TASK TO CARRY OUT
Send back the records exactly as written, with no images.
★ ★ ★ ★ ★
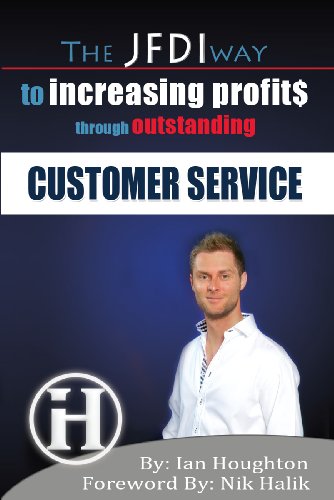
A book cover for The JFDI Way To Increasing Profits Through Outstanding Customer Service; Ian Houghton; Business & Money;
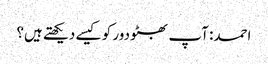
احمد: آپ بھٹو دور کو کیسے دیکھتے ہیں؟
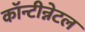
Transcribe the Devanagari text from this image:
कॉन्टीन्नेटल
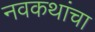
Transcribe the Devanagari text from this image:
नवकथांचा
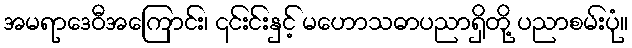
အမရာဒေဝီအကြောင်း၊ ၎င်းင်းနှင့် မဟောသဓာပညာရှိတို့ ပညာစမ်းပုံ။
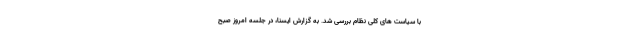
با سیاست های کلی نظام بررسی شد. به گزارش ایسنا، در جلسه امروز صبح
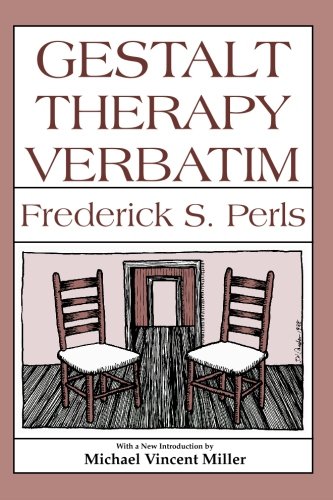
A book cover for Gestalt Therapy Verbatim; Frederick S. Perls; Science & Math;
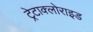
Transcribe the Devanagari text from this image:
ट्रेटाक्लोराइड
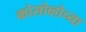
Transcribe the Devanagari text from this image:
कोसोव्होच्या
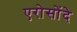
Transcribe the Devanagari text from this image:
एरोसोंदे
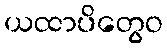
ယထာပိတွေဝ
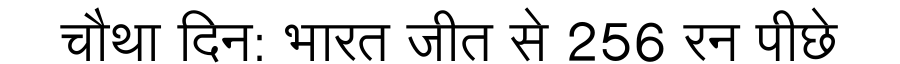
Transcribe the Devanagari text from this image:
चौथा दिन: भारत जीत से 256 रन पीछे
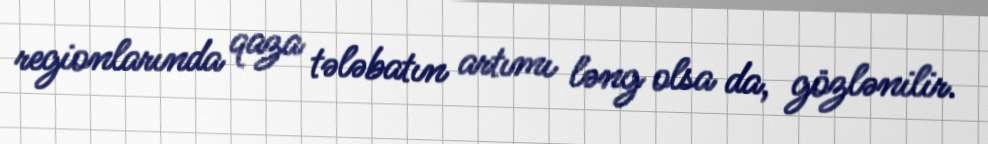
regionlarında qaza tələbatın artımı ləng olsa da, gözlənilir.
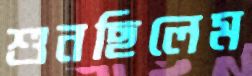
শুনছিলেম
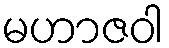
မဟာဇဝါ
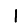
Digit: 1
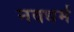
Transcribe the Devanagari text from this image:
नवधर्म
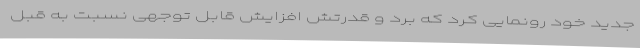
جدید خود رونمایی کرد که برد و قدرتش افزایش قابل توجهی نسبت به قبل
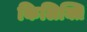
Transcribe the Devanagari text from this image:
किलिक्ति
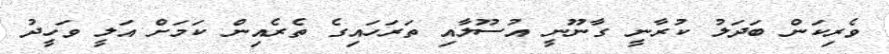
ވެރިކަން ބަދަލު ކުރާނީ ގާނޫނީ އުސޫލާއި ތަރަހައިގެ ތެރެއިން ކަމަށް އަލީ ވަހީދު
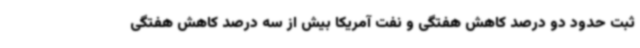
ثبت حدود دو درصد کاهش هفتگی و نفت آمریکا بیش از سه درصد کاهش هفتگی
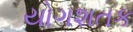
યોગશતક
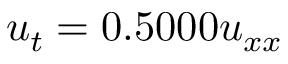
u _ { t } = 0 . 5 0 0 0 u _ { x x }
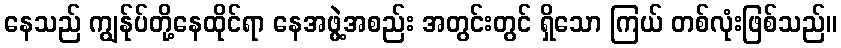
နေသည် ကျွန်ုပ်တို့နေထိုင်ရာ နေအဖွဲ့အစည်း အတွင်းတွင် ရှိသော ကြယ် တစ်လုံးဖြစ်သည်။
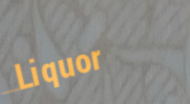
Liquor
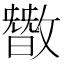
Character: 𪯘
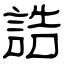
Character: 誥
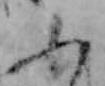
ふ
★ ★ ★ ★ ★
RESPONSE AREA
A book cover for The JFDI Way To Increasing Profits Through Outstanding Customer Service; Ian Houghton; Business & Money;
احمد: آپ بھٹو دور کو کیسے دیکھتے ہیں؟
Transcribe the Devanagari text from this image:
कॉन्टीन्नेटल
Transcribe the Devanagari text from this image:
नवकथांचा
အမရာဒေဝီအကြောင်း၊ ၎င်းင်းနှင့် မဟောသဓာပညာရှိတို့ ပညာစမ်းပုံ။
با سیاست های کلی نظام بررسی شد. به گزارش ایسنا، در جلسه امروز صبح
A book cover for Gestalt Therapy Verbatim; Frederick S. Perls; Science & Math;
Transcribe the Devanagari text from this image:
ट्रेटाक्लोराइड
Transcribe the Devanagari text from this image:
कोसोव्होच्या
Transcribe the Devanagari text from this image:
एरोसोंदे
ယထာပိတွေဝ
Transcribe the Devanagari text from this image:
चौथा दिन: भारत जीत से 256 रन पीछे
regionlarında qaza tələbatın artımı ləng olsa da, gözlənilir.
শুনছিলেম
မဟာဇဝါ
Digit: 1
Transcribe the Devanagari text from this image:
नवधर्म
جدید خود رونمایی کرد که برد و قدرتش افزایش قابل توجهی نسبت به قبل
Transcribe the Devanagari text from this image:
किलिक्ति
ވެރިކަން ބަދަލު ކުރާނީ ގާނޫނީ އުސޫލާއި ތަރަހައިގެ ތެރެއިން ކަމަށް އަލީ ވަހީދު
ثبت حدود دو درصد کاهش هفتگی و نفت آمریکا بیش از سه درصد کاهش هفتگی
યોગશતક
u _ { t } = 0 . 5 0 0 0 u _ { x x }
နေသည် ကျွန်ုပ်တို့နေထိုင်ရာ နေအဖွဲ့အစည်း အတွင်းတွင် ရှိသော ကြယ် တစ်လုံးဖြစ်သည်။
Liquor
Character: 𪯘
Character: 誥
ふ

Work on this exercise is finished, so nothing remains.